BEGIN
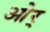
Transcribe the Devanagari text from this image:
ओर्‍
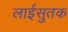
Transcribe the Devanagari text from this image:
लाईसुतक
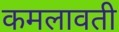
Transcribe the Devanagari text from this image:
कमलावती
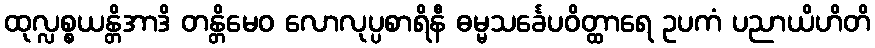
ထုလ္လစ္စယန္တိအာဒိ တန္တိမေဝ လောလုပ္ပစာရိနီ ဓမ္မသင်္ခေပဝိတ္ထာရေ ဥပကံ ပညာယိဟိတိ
END
Please restate the material word for word; the pictures stay out.

Transcribe the Devanagari text from this image:
ओर्‍
Transcribe the Devanagari text from this image:
लाईसुतक
Transcribe the Devanagari text from this image:
कमलावती
ထုလ္လစ္စယန္တိအာဒိ တန္တိမေဝ လောလုပ္ပစာရိနီ ဓမ္မသင်္ခေပဝိတ္ထာရေ ဥပကံ ပညာယိဟိတိ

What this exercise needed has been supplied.